Data records
--- START ---
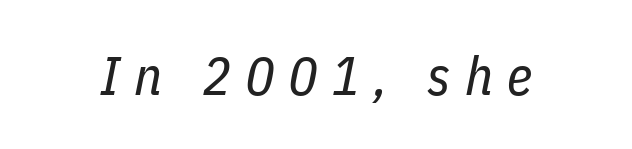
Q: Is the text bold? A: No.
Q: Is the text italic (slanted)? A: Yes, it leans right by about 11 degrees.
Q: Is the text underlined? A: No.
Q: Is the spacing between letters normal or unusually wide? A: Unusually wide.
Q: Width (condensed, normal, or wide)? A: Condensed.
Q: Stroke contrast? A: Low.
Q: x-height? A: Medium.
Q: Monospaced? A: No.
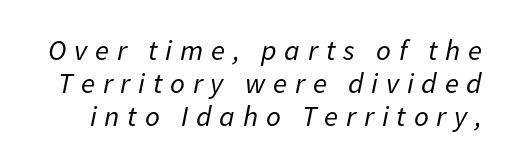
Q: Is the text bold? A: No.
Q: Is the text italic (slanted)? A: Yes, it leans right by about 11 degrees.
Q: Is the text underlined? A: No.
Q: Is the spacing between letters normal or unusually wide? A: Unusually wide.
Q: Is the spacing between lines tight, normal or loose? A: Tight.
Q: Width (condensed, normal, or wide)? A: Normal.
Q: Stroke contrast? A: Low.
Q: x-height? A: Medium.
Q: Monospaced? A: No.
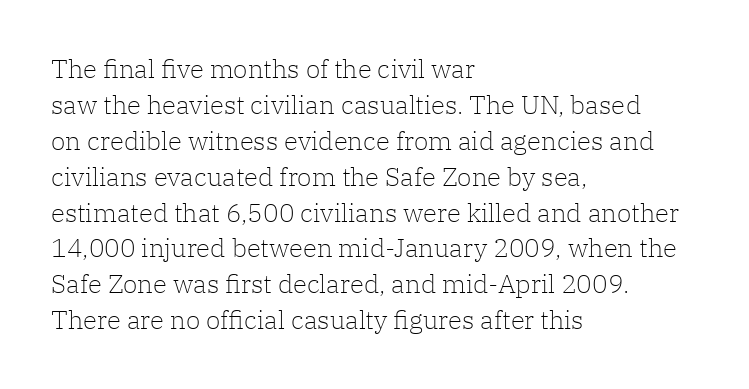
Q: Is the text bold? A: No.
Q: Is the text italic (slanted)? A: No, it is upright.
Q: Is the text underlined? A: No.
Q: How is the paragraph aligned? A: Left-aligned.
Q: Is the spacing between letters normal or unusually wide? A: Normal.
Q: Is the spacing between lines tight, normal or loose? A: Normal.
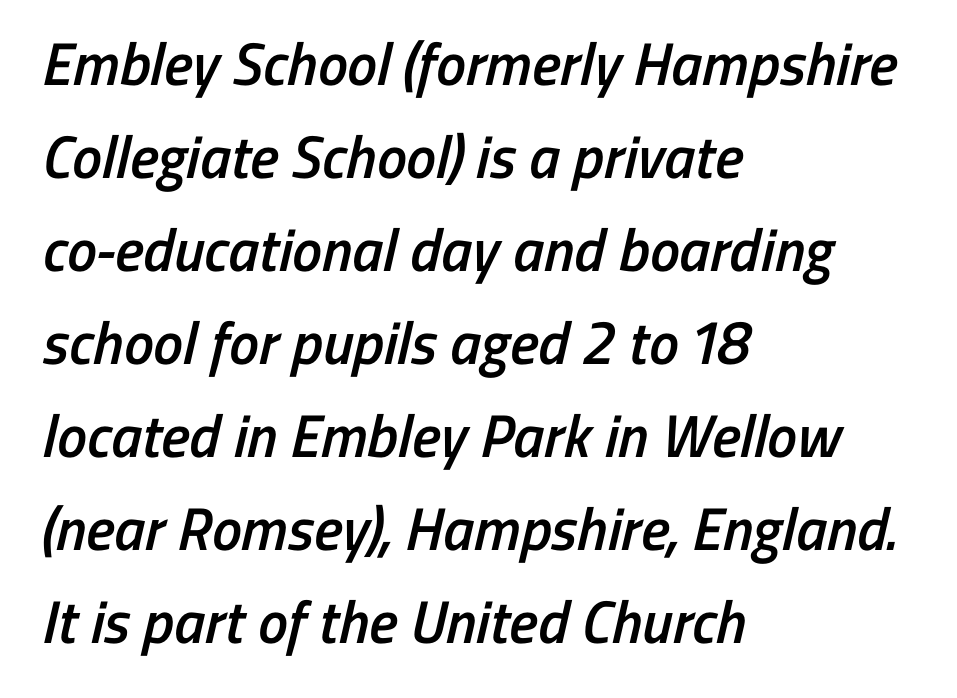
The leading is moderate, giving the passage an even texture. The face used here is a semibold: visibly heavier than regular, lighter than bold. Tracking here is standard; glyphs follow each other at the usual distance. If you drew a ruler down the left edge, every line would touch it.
--- END ---
--- START ---
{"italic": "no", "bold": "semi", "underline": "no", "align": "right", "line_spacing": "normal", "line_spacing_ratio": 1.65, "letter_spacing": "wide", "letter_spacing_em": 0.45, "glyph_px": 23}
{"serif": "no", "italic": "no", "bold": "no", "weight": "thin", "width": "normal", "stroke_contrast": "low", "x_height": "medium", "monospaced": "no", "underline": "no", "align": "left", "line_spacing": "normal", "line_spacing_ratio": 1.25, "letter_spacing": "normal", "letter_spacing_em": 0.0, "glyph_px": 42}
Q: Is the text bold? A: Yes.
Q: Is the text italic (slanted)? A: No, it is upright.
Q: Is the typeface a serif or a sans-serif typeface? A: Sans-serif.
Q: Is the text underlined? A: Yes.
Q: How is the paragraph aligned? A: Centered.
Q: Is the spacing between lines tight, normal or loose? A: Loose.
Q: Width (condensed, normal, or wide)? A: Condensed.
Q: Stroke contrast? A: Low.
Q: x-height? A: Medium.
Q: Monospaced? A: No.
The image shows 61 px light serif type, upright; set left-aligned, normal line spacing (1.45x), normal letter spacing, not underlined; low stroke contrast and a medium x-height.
--- END ---
_Work required_
Print exactly the lines above from the one with "Q: How is the paragraph aligned? A: Centered." to the one with "The image shows", including both.

_Task result_
Q: How is the paragraph aligned? A: Centered.
Q: Is the spacing between lines tight, normal or loose? A: Loose.
Q: Width (condensed, normal, or wide)? A: Condensed.
Q: Stroke contrast? A: Low.
Q: x-height? A: Medium.
Q: Monospaced? A: No.
The image shows 61 px light serif type, upright; set left-aligned, normal line spacing (1.45x), normal letter spacing, not underlined; low stroke contrast and a medium x-height.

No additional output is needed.